(Your objective):
Your job is to return each record exactly, minus any pictures.

★ ★ ★ ★

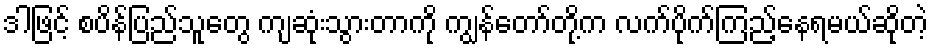
ဒါဖြင့် စပိန်ပြည်သူတွေ ကျဆုံးသွားတာကို ကျွန်တော်တို့က လက်ပိုက်ကြည့်နေရမယ်ဆိုတဲ့
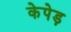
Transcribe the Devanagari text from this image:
केपेड़
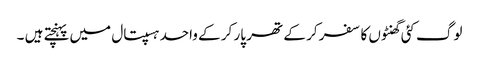
لوگ کئی گھنٹوں کا سفر کر کے تھر پار کر کے واحد ہسپتال میں پہنچتے ہیں ۔
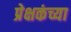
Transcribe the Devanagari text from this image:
प्रेक्षकंच्या
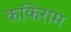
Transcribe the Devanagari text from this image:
कॉकेराम
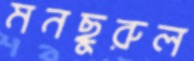
মনছুরুল
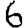
Digit: 6
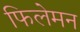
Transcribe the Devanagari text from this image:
फिलेमन
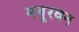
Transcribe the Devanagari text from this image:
मयूरवन
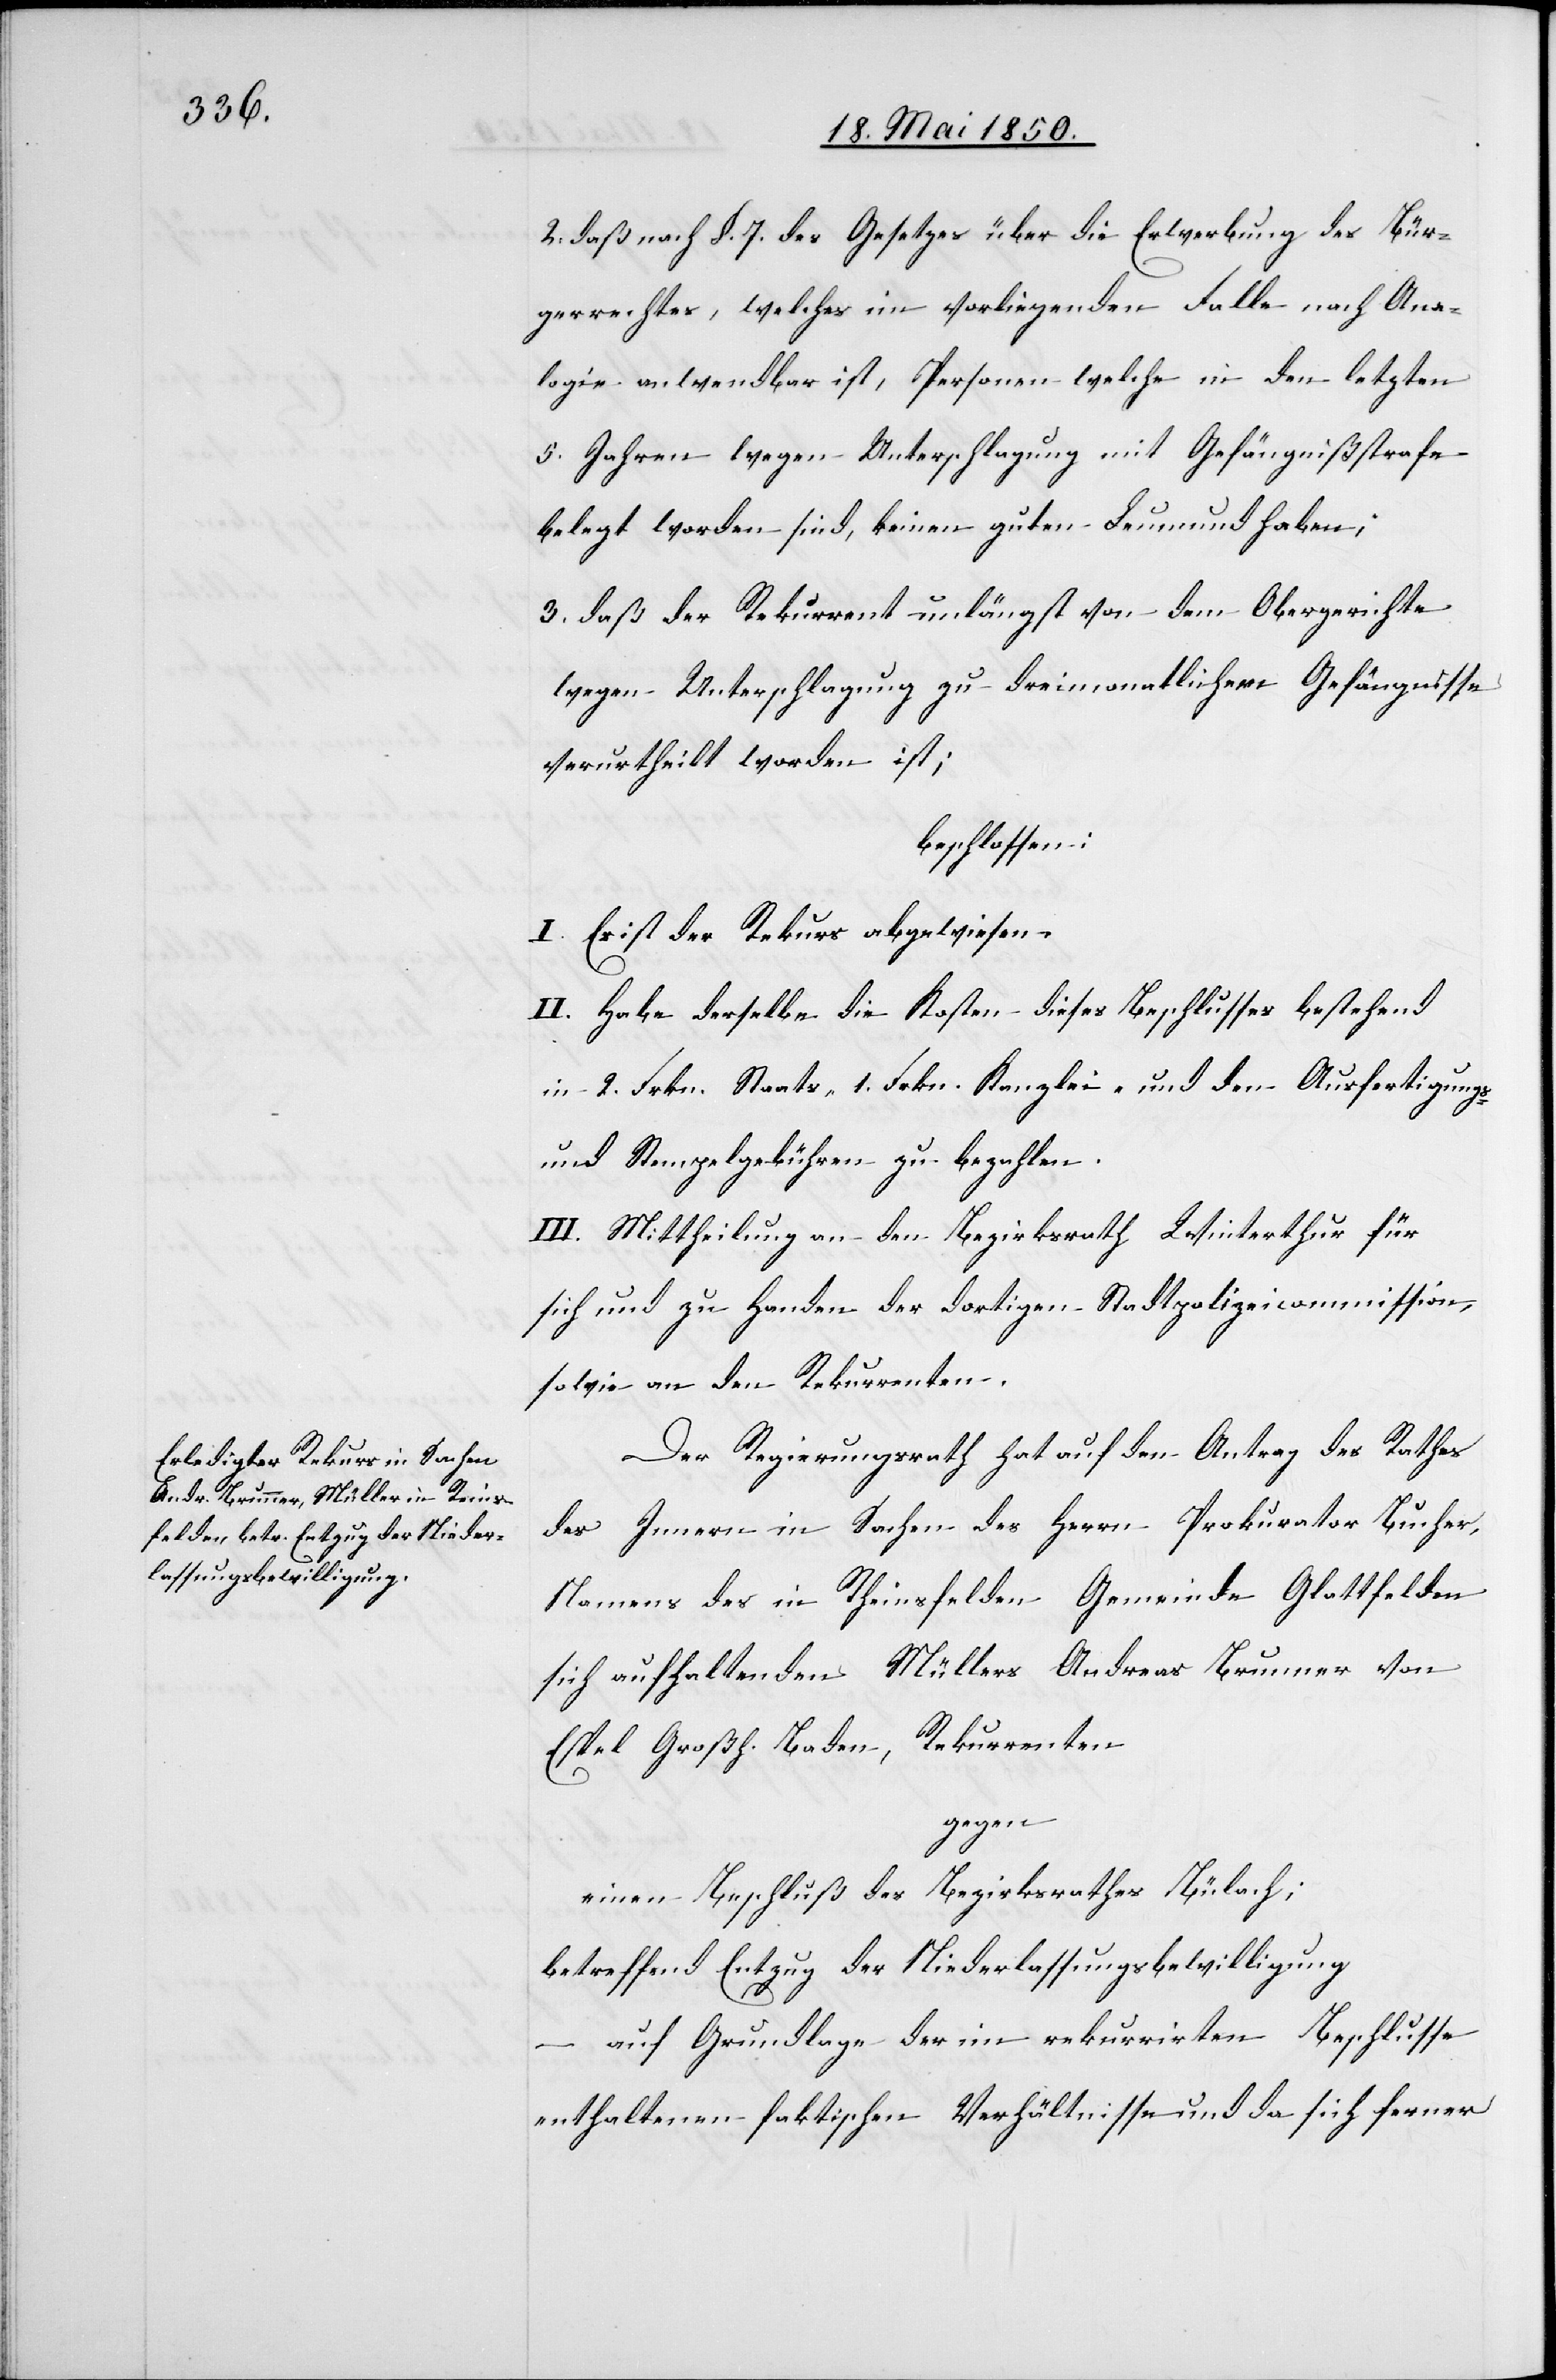
2. daß nach §. 7. des Gesetzes über die Erwerbung des Bür¬
gerrechtes, welches im vorliegenden Falle nach Ana¬
logie anwendbar ist, Personen welche in den letzten
5. Jahren wegen Unterschlagung mit Gefängnißstrafe
belegt worden sind, keinen guten Leumund haben;
3. daß der Rekurrent unlängst von dem Obergerichte
wegen Unterschlagung zu dreimonatlichem Gefängnisse
verurtheilt worden ist;
beschlossen:
I. Es ist der Rekurs abgewiesen.
II. Habe derselbe die Kosten dieses Beschlusses bestehend
in 2. Frkn. Staats- 1. Frkn. Kanzlei- und den Ausfertigungs-
und Stempelgebühren zu bezahlen.
III. Mittheilung an den Bezirksrath Winterthur für
sich und zu Handen der dortigen Stadtpolizeicommission
sowie an den Rekurrenten.
Der Regierungsrath hat auf den Antrag des Rathes
des Innern in Sachen des Herrn Prokurator Bucher,
Namens des in Rheinsfelden Gemeinde Glattfelden
sich aufhaltenden Müllers Andreas Brunner von
Espel Großh. Baden, Rekurrenten
gegen
einen Beschluß des Bezirksrathes Bülach;
betreffend Entzug der Niederlassungsbewilligung
auf Grundlage der im rekurrirten Beschlusse
enthaltenen faktischen Verhältnisse und da sich ferner
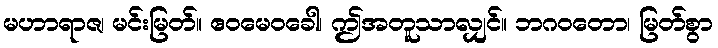
မဟာရာဇ၊ မင်းမြတ်။ ဧဝမေဝခေါ၊ ဤအတူသာလျှင်။ ဘဂဝတော၊ မြတ်စွာ
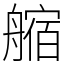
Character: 䑿
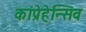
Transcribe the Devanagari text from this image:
कांप्रेहेन्सिव
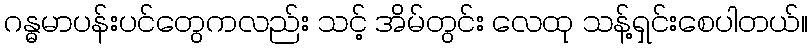
ဂန္ဓမာပန်းပင်တွေကလည်း သင့် အိမ်တွင်း လေထု သန့်ရှင်းစေပါတယ်။
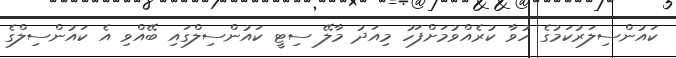
ކައުންސިލަރުކަމުގެ ހުވާ ކުރެއްވުމަށްފަހު މިއަދު މާލޭ ސިޓީ ކައުންސިލްގައި ބޭއްވި އެ ކައުންސިލްގެ
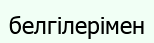
белгілерімен
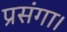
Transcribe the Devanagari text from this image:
प्रसंगा।
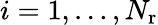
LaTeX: i=1,\ldots,{N_{\mathrm{r}}}
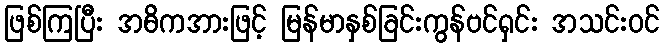
ဖြစ်ကြပြီး အဓိကအားဖြင့် မြန်မာနှစ်ခြင်းကွန်ဗင်ရှင်း အသင်းဝင်
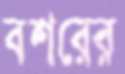
বশরের
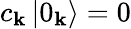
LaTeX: c_{\mathbf{k}}\left|0_{\mathbf{k}}\right\rangle=0
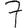
Digit: 7
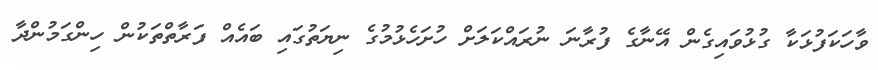
ވާހަކަފުޅަކާ ގުޅުވައިގެން އޭނާގެ ފުރާނަ ނުރައްކަލަށް ހުށަހެޅުމުގެ ނިޔަތުގައި ބައެއް ފަރާތްތަކުން ހިންގަމުންދާ
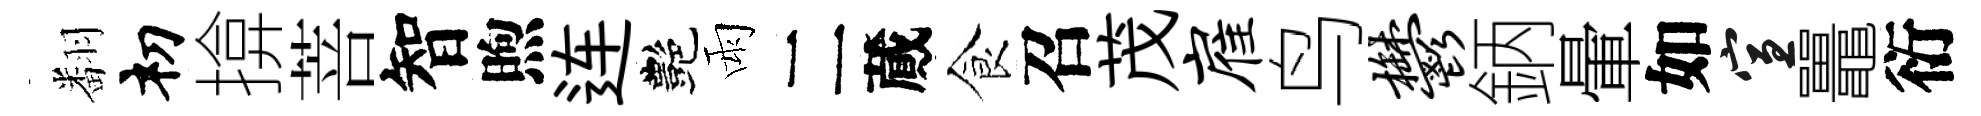
翻𥘉揜菩智煦连艷雨二蕆食召茂雇鸟郁鈵暈如宣鼉衍
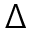
\Delta
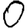
Digit: 0
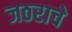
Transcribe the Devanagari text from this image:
जठराचे
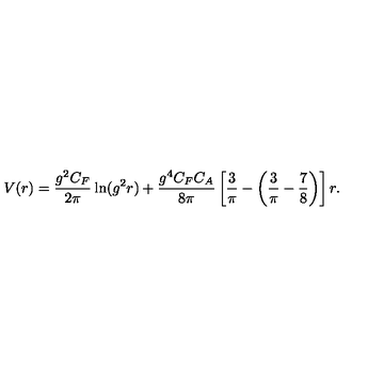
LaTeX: V ( r ) = \frac { g ^ { 2 } C _ { F } } { 2 \pi } \ln ( g ^ { 2 } r ) + \frac { g ^ { 4 } C _ { F } C _ { A } } { 8 \pi } \left[ { \frac { 3 } { \pi } } - \left( { \frac { 3 } { \pi } } - { \frac { 7 } { 8 } } \right) \right] r .
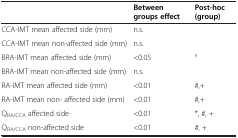
<table><thead><tr><td><b> </b></td><td><b>Between groups effect</b></td><td><b>Post-hoc (group)</b></td></tr></thead><tbody><tr><td>CCA-IMT mean affected side (mm)</td><td>n.s.</td><td> </td></tr><tr><td>CCA-IMT mean non-affected side (mm)</td><td>n.s.</td><td> </td></tr><tr><td>BRA-IMT mean affected side (mm)</td><td>&lt;0.05</td><td>°</td></tr><tr><td>BRA-IMT mean non-affected side (mm)</td><td>n.s.</td><td> </td></tr><tr><td>RA-IMT mean affected side (mm)</td><td>&lt;0.01</td><td>#,+</td></tr><tr><td>RA-IMT mean non- affected side (mm)</td><td>&lt;0.01</td><td>#,+</td></tr><tr><td>Q<sub>RA/CCA</sub> affected side</td><td>&lt;0.01</td><td>*, #, +</td></tr><tr><td>Q<sub>RA/CCA</sub> non-affected side</td><td>&lt;0.01</td><td>#, +</td></tr></tbody></table>
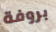
بروفة
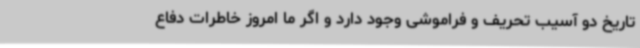
تاریخ دو آسیب تحریف و فراموشی وجود دارد و اگر ما امروز خاطرات دفاع
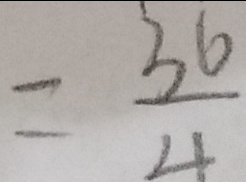
= \frac { 3 6 } { 4 }
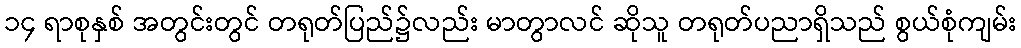
၁၄ ရာစုနှစ် အတွင်းတွင် တရုတ်ပြည်၌လည်း မာတွာလင် ဆိုသူ တရုတ်ပညာရှိသည် စွယ်စုံကျမ်း
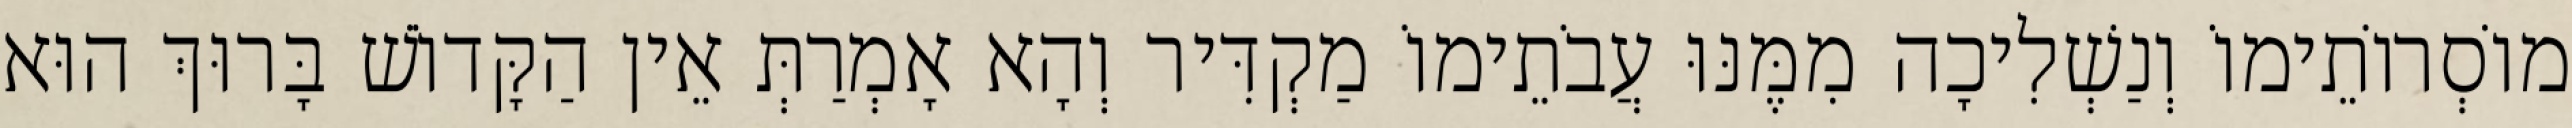
מוֹסְרוֹתֵימוֹ וְנַשְׁלִיכָה מִמֶּנּוּ עֲבֹתֵימוֹ מַקְדִּיר וְהָא אָמְרַתְּ אֵין הַקָּדוֹשׁ בָּרוּךְ הוּא
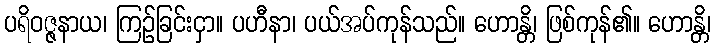
ပရိဝဇ္ဇနာယ၊ ကြဉ်ခြင်းငှာ။ ပဟီနာ၊ ပယ်အပ်ကုန်သည်။ ဟောန္တိ၊ ဖြစ်ကုန်၏။ ဟောန္တိ၊
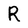
Character: R
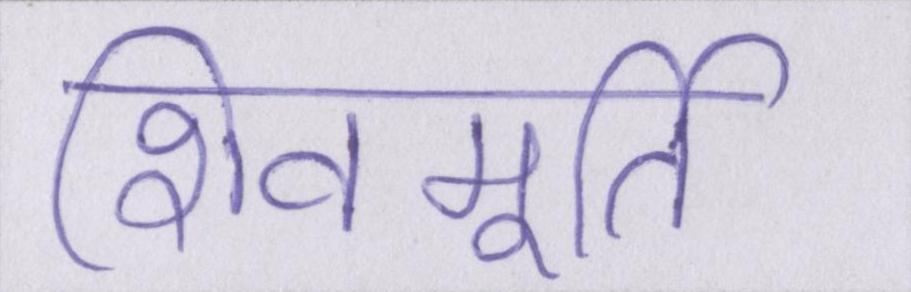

★ ★ ★ ★

(Written reply):
ဒါဖြင့် စပိန်ပြည်သူတွေ ကျဆုံးသွားတာကို ကျွန်တော်တို့က လက်ပိုက်ကြည့်နေရမယ်ဆိုတဲ့
Transcribe the Devanagari text from this image:
केपेड़
لوگ کئی گھنٹوں کا سفر کر کے تھر پار کر کے واحد ہسپتال میں پہنچتے ہیں ۔
Transcribe the Devanagari text from this image:
प्रेक्षकंच्या
Transcribe the Devanagari text from this image:
कॉकेराम
মনছুরুল
Digit: 6
Transcribe the Devanagari text from this image:
फिलेमन
Transcribe the Devanagari text from this image:
मयूरवन
2. daß nach §. 7. des Gesetzes über die Erwerbung des Bür¬
gerrechtes, welches im vorliegenden Falle nach Ana¬
logie anwendbar ist, Personen welche in den letzten
5. Jahren wegen Unterschlagung mit Gefängnißstrafe
belegt worden sind, keinen guten Leumund haben;
3. daß der Rekurrent unlängst von dem Obergerichte
wegen Unterschlagung zu dreimonatlichem Gefängnisse
verurtheilt worden ist;
beschlossen:
I. Es ist der Rekurs abgewiesen.
II. Habe derselbe die Kosten dieses Beschlusses bestehend
in 2. Frkn. Staats- 1. Frkn. Kanzlei- und den Ausfertigungs-
und Stempelgebühren zu bezahlen.
III. Mittheilung an den Bezirksrath Winterthur für
sich und zu Handen der dortigen Stadtpolizeicommission
sowie an den Rekurrenten.
Der Regierungsrath hat auf den Antrag des Rathes
des Innern in Sachen des Herrn Prokurator Bucher,
Namens des in Rheinsfelden Gemeinde Glattfelden
sich aufhaltenden Müllers Andreas Brunner von
Espel Großh. Baden, Rekurrenten
gegen
einen Beschluß des Bezirksrathes Bülach;
betreffend Entzug der Niederlassungsbewilligung
auf Grundlage der im rekurrirten Beschlusse
enthaltenen faktischen Verhältnisse und da sich ferner
မဟာရာဇ၊ မင်းမြတ်။ ဧဝမေဝခေါ၊ ဤအတူသာလျှင်။ ဘဂဝတော၊ မြတ်စွာ
Character: 䑿
Transcribe the Devanagari text from this image:
कांप्रेहेन्सिव
ဂန္ဓမာပန်းပင်တွေကလည်း သင့် အိမ်တွင်း လေထု သန့်ရှင်းစေပါတယ်။
ކައުންސިލަރުކަމުގެ ހުވާ ކުރެއްވުމަށްފަހު މިއަދު މާލޭ ސިޓީ ކައުންސިލްގައި ބޭއްވި އެ ކައުންސިލްގެ
белгілерімен
Transcribe the Devanagari text from this image:
प्रसंगा।
LaTeX: i=1,\ldots,{N_{\mathrm{r}}}
ဖြစ်ကြပြီး အဓိကအားဖြင့် မြန်မာနှစ်ခြင်းကွန်ဗင်ရှင်း အသင်းဝင်
বশরের
LaTeX: c_{\mathbf{k}}\left|0_{\mathbf{k}}\right\rangle=0
Digit: 7
ވާހަކަފުޅަކާ ގުޅުވައިގެން އޭނާގެ ފުރާނަ ނުރައްކަލަށް ހުށަހެޅުމުގެ ނިޔަތުގައި ބައެއް ފަރާތްތަކުން ހިންގަމުންދާ
翻𥘉揜菩智煦连艷雨二蕆食召茂雇鸟郁鈵暈如宣鼉衍
\Delta
Digit: 0
Transcribe the Devanagari text from this image:
जठराचे
LaTeX: V ( r ) = \frac { g ^ { 2 } C _ { F } } { 2 \pi } \ln ( g ^ { 2 } r ) + \frac { g ^ { 4 } C _ { F } C _ { A } } { 8 \pi } \left[ { \frac { 3 } { \pi } } - \left( { \frac { 3 } { \pi } } - { \frac { 7 } { 8 } } \right) \right] r .
<table><thead><tr><td><b> </b></td><td><b>Between groups effect</b></td><td><b>Post-hoc (group)</b></td></tr></thead><tbody><tr><td>CCA-IMT mean affected side (mm)</td><td>n.s.</td><td> </td></tr><tr><td>CCA-IMT mean non-affected side (mm)</td><td>n.s.</td><td> </td></tr><tr><td>BRA-IMT mean affected side (mm)</td><td>&lt;0.05</td><td>°</td></tr><tr><td>BRA-IMT mean non-affected side (mm)</td><td>n.s.</td><td> </td></tr><tr><td>RA-IMT mean affected side (mm)</td><td>&lt;0.01</td><td>#,+</td></tr><tr><td>RA-IMT mean non- affected side (mm)</td><td>&lt;0.01</td><td>#,+</td></tr><tr><td>Q<sub>RA/CCA</sub> affected side</td><td>&lt;0.01</td><td>*, #, +</td></tr><tr><td>Q<sub>RA/CCA</sub> non-affected side</td><td>&lt;0.01</td><td>#, +</td></tr></tbody></table>
بروفة
تاریخ دو آسیب تحریف و فراموشی وجود دارد و اگر ما امروز خاطرات دفاع
= \frac { 3 6 } { 4 }
၁၄ ရာစုနှစ် အတွင်းတွင် တရုတ်ပြည်၌လည်း မာတွာလင် ဆိုသူ တရုတ်ပညာရှိသည် စွယ်စုံကျမ်း
מוֹסְרוֹתֵימוֹ וְנַשְׁלִיכָה מִמֶּנּוּ עֲבֹתֵימוֹ מַקְדִּיר וְהָא אָמְרַתְּ אֵין הַקָּדוֹשׁ בָּרוּךְ הוּא
ပရိဝဇ္ဇနာယ၊ ကြဉ်ခြင်းငှာ။ ပဟီနာ၊ ပယ်အပ်ကုန်သည်။ ဟောန္တိ၊ ဖြစ်ကုန်၏။ ဟောန္တိ၊
Character: R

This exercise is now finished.